“Non vi voglio lasciare senza padre e senza marito. Per questo vi porto con me“. Lo ha scritto in una lettera Mauro Agrosì, il poliziotto di 50 anni che ha ucciso con un colpo di pistola la moglie e le due figlie, di 10 e 14 anni. L’agente ha poi telefonato ai colleghi confessando il gesto, quindi si è tolto la vita. Al 113 ha detto: “Venite a casa mia, vi lascio la porta aperta, ho ucciso tutti“. L’agente ha usato la pistola d’ordinanza e un cuscino per ottenere l’effetto silenziatore. È tutto avvenuto poco prima delle 7 a Cornigliano in provincia di Genova

Prima ha ucciso la figlia più piccola che dormiva nel letto a castello più basso; poi la più grande. Infine Agrosì è andato nella sua camera da letto e ha tolto la vita alla moglie con due colpi di pistola alla testa e uno al cuore. Dopo la chiamata ai colleghi si è ucciso. Questa la ricostruzione dell’accaduto che è stata fatta dalla squadra mobile. Probabilmente le ragazze e la donna sono state sedate la sera prima: la figlia più grande e la moglie sono state infatti trovate ancora nella posizione del sonno.

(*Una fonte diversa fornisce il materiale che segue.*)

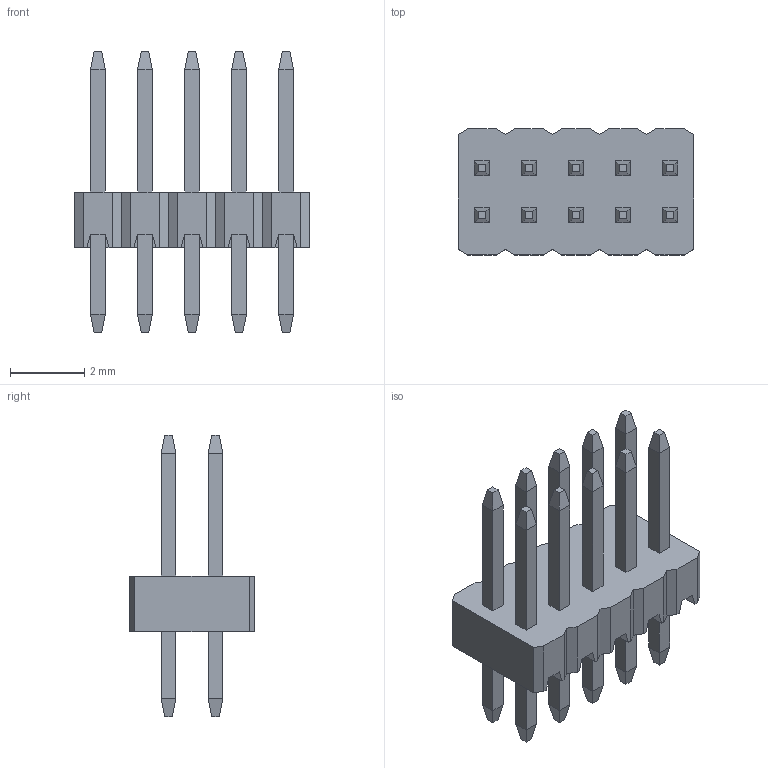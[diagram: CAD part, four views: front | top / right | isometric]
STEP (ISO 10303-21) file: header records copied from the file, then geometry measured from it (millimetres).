
FILE_DESCRIPTION(/* description */ (''),/* implementation_level */ '2;1');
FILE_NAME(/* name */ 'Pin header 2x05 TH pitch 1.27mm',/* time_stamp */ '2019-12-21T16:17:54+01:00',/* author */ (''),/* organization */ (''),/* preprocessor_version */ 'ST-DEVELOPER v16.5',/* originating_system */ '',/* authorisation */ '');
FILE_SCHEMA (('AUTOMOTIVE_DESIGN'));
Length unit declared in the file: millimetre
Products named in the file (1): Document
Bounding box: 6.35 x 3.4 x 7.6 mm (x, y, z)
Volume: 39.3 mm3; surface area: 212.6 mm2
Topology: 11 solids, 11 shells, 244 faces, 596 edges, 364 vertices
Faces by surface type: plane 244
Entity records: 6178 total; most frequent: CARTESIAN_POINT 1802, ORIENTED_EDGE 1192, EDGE_CURVE 596, B_SPLINE_CURVE_WITH_KNOTS 596, VERTEX_POINT 364, EDGE_LOOP 254, DIRECTION 248, AXIS2_PLACEMENT_3D 246
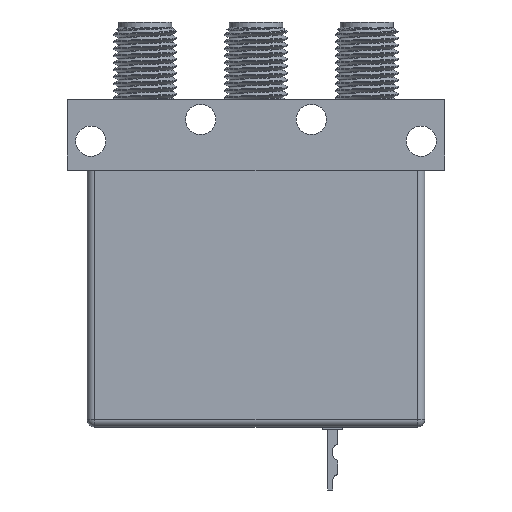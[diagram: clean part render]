
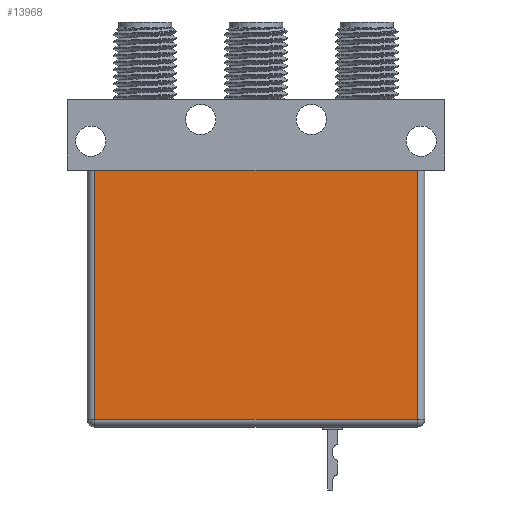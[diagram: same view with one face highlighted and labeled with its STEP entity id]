
A CAD part, front view. The second image highlights one B-rep face of the part: STEP entity #13968.
In plain terms, the highlighted planar face has unit normal (0, -1, 0).
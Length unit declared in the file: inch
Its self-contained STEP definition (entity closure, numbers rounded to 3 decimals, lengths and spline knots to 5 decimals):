
#125 = DIRECTION ( 'NONE',  ( 1., 0., 0. ) ) ;
#1007 = EDGE_CURVE ( 'NONE', #2310, #2902, #14360, .T. ) ;
#1072 = VERTEX_POINT ( 'NONE', #23441 ) ;
#2064 = DIRECTION ( 'NONE',  ( 0., 0., -1. ) ) ;
#2310 = VERTEX_POINT ( 'NONE', #21173 ) ;
#2902 = VERTEX_POINT ( 'NONE', #23406 ) ;
#3826 = ORIENTED_EDGE ( 'NONE', *, *, #9815, .T. ) ;
#4396 = EDGE_CURVE ( 'NONE', #9613, #1072, #24711, .T. ) ;
#4891 = ORIENTED_EDGE ( 'NONE', *, *, #4396, .F. ) ;
#5805 = ORIENTED_EDGE ( 'NONE', *, *, #1007, .T. ) ;
#7145 = ORIENTED_EDGE ( 'NONE', *, *, #24997, .T. ) ;
#7731 = LINE ( 'NONE', #20197, #22651 ) ;
#8544 = DIRECTION ( 'NONE',  ( 0., 0., 1. ) ) ;
#9613 = VERTEX_POINT ( 'NONE', #21315 ) ;
#9815 = EDGE_CURVE ( 'NONE', #9613, #2310, #17252, .T. ) ;
#11546 = CARTESIAN_POINT ( 'NONE',  ( 0., -0.26, 0. ) ) ;
#11879 = DIRECTION ( 'NONE',  ( 0., -1., 0. ) ) ;
#12555 = VECTOR ( 'NONE', #22156, 39.37008 ) ;
#13968 = ADVANCED_FACE ( 'NONE', ( #21308 ), #25231, .T. ) ;
#13999 = DIRECTION ( 'NONE',  ( 0., 0., -1. ) ) ;
#14360 = LINE ( 'NONE', #23275, #24079 ) ;
#17252 = LINE ( 'NONE', #23343, #17874 ) ;
#17566 = AXIS2_PLACEMENT_3D ( 'NONE', #11546, #11879, #2064 ) ;
#17874 = VECTOR ( 'NONE', #13999, 39.37008 ) ;
#20197 = CARTESIAN_POINT ( 'NONE',  ( 0.64, -0.26, 0.37 ) ) ;
#21173 = CARTESIAN_POINT ( 'NONE',  ( -0.64, -0.26, -0.62 ) ) ;
#21308 = FACE_OUTER_BOUND ( 'NONE', #25205, .T. ) ;
#21315 = CARTESIAN_POINT ( 'NONE',  ( -0.64, -0.26, 0.37 ) ) ;
#22156 = DIRECTION ( 'NONE',  ( 1., 0., 0. ) ) ;
#22396 = CARTESIAN_POINT ( 'NONE',  ( 0., -0.26, 0.37 ) ) ;
#22651 = VECTOR ( 'NONE', #8544, 39.37008 ) ;
#23275 = CARTESIAN_POINT ( 'NONE',  ( 0.64, -0.26, -0.62 ) ) ;
#23343 = CARTESIAN_POINT ( 'NONE',  ( -0.64, -0.26, -0.62 ) ) ;
#23406 = CARTESIAN_POINT ( 'NONE',  ( 0.64, -0.26, -0.62 ) ) ;
#23441 = CARTESIAN_POINT ( 'NONE',  ( 0.64, -0.26, 0.37 ) ) ;
#24079 = VECTOR ( 'NONE', #125, 39.37008 ) ;
#24711 = LINE ( 'NONE', #22396, #12555 ) ;
#24997 = EDGE_CURVE ( 'NONE', #2902, #1072, #7731, .T. ) ;
#25205 = EDGE_LOOP ( 'NONE', ( #4891, #3826, #5805, #7145 ) ) ;
#25231 = PLANE ( 'NONE',  #17566 ) ;

Dietro all’omicidio-suicidio, secondo gli inquirenti, ci sarebbero dei debiti di gioco: il poliziotto sarebbe stato un giocatore compulsivo di lotterie istantanee. A quanto risulta Agrosì aveva chiesto un prestito in banca. Non si sa se la cifra chiesta, non ancora quantificata, servisse per ripianare debiti di gioco o semplicemente per l’ordinaria gestione dell’economia familiare. “Quello che emerge – ha detto il procuratore capo di Genova Francesco Cozzi – è la concezione di indispensabilità di se stesso. L’idea che non sia concepibile che moglie e figlie potessero vivere senza di lui”. Gli agenti però stanno interrogando familiari, amici e colleghi per cercare di ricostruire la vita della coppia. L’ammontare dei debiti infatti non sarebbe tale da giustificare quanto successo.

Agrosì lavorava nel sesto reparto mobile di Bolzaneto come tecnico dei computer perché da anni aveva scelto, partecipando e superando un concorso, di non rivestire più ruoli operativi. I colleghi lo descrivono come una persona equilibrata: non aveva mai mostrati atteggiamenti che potessero lasciar presagire quanto ha fatto.

L’omicidio-suicidio ricorda un episodio analogo avvenuto nella stessa zona di Cornigliano nel 2003, con protagonista anche allora un poliziotto. L’ispettore Saverio Galoppo, 47 anni, depresso a causa della separazione dalla moglie e per non poter vivere con i figli, uccise con la pistola di ordinanza la donna e i bimbi di 8 e 4 anni, prima di togliersi la vita.